*** MATERIAL FOR THIS EXERCISE
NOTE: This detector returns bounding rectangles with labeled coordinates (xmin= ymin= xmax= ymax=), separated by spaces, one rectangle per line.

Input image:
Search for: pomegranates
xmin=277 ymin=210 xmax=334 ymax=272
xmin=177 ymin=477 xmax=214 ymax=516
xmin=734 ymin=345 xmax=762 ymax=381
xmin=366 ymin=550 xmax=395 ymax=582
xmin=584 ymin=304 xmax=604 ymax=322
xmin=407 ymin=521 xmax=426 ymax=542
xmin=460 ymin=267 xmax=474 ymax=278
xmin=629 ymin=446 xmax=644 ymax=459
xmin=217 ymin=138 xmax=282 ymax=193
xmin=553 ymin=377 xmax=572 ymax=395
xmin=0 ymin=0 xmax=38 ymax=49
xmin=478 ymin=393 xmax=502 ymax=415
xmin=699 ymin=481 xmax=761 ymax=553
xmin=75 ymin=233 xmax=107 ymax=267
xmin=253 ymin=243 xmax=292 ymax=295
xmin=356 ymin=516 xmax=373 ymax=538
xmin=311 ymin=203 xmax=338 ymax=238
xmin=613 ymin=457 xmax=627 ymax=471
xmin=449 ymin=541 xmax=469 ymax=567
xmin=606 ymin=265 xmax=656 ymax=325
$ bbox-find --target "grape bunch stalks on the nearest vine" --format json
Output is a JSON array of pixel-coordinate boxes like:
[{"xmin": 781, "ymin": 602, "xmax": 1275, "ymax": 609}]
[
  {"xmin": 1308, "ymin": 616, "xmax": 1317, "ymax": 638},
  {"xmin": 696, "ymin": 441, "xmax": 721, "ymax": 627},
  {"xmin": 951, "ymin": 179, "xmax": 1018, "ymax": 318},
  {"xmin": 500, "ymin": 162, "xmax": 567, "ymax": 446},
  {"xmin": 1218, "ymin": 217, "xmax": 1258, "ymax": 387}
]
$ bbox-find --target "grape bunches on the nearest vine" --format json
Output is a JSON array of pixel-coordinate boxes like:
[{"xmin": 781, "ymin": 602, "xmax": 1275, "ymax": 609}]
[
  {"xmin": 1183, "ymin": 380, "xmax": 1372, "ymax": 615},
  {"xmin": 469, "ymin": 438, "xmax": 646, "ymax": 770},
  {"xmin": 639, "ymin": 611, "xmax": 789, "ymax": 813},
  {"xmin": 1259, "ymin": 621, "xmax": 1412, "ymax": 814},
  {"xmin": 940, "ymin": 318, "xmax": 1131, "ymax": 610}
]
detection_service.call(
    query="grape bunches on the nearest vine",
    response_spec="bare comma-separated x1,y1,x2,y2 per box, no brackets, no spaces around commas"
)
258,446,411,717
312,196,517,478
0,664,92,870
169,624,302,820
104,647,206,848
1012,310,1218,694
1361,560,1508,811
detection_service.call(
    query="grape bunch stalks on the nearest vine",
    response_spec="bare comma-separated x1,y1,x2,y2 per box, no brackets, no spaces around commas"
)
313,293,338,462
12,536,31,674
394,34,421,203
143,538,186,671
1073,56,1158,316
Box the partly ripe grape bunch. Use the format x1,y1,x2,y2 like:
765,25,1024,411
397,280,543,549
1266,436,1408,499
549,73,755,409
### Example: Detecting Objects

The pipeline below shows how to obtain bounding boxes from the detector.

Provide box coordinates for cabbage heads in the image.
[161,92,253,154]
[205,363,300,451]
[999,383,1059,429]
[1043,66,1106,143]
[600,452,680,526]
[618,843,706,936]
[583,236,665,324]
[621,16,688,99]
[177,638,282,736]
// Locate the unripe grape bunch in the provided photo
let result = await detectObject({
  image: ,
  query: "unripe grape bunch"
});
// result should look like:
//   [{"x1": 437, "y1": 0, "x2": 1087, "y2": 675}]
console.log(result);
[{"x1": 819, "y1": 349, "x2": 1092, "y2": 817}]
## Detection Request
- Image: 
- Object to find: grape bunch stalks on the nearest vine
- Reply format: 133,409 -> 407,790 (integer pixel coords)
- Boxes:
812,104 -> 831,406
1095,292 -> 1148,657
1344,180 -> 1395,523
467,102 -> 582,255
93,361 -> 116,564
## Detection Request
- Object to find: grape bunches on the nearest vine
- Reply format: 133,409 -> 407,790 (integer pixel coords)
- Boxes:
******
• _REQUIRED WORK_
From the line containing "1266,436,1408,499" down to the line containing "- Object to find: grape bunches" in the material above, reproduce every line exactly, including the two end lines.

• _SOLUTION_
1266,436,1408,499
549,73,755,409
### Example: Detecting Objects

The pipeline below shows how to obtain bounding boxes from the detector.

Provide box coordinates for cabbage heads in the image.
[161,92,253,154]
[205,363,300,451]
[999,383,1059,429]
[1043,66,1106,143]
[600,452,680,526]
[618,843,706,936]
[583,236,665,324]
[621,16,688,99]
[177,638,282,736]
// Locate the unripe grape bunch in the provided photo
let result = await detectObject({
  image: ,
  query: "unripe grape bunch"
});
// result should look like:
//   [{"x1": 437, "y1": 0, "x2": 1087, "y2": 675}]
console.log(result);
[{"x1": 819, "y1": 349, "x2": 1092, "y2": 817}]
## Detection Request
- Image: 
- Object to find: grape bunch stalks on the nearest vine
- Reply format: 133,409 -> 407,790 (integer pixel coords)
- Boxes:
812,104 -> 831,406
1095,292 -> 1148,657
1344,180 -> 1395,523
467,102 -> 582,255
93,361 -> 116,564
## Detection Request
- Object to find: grape bunches on the nearest vine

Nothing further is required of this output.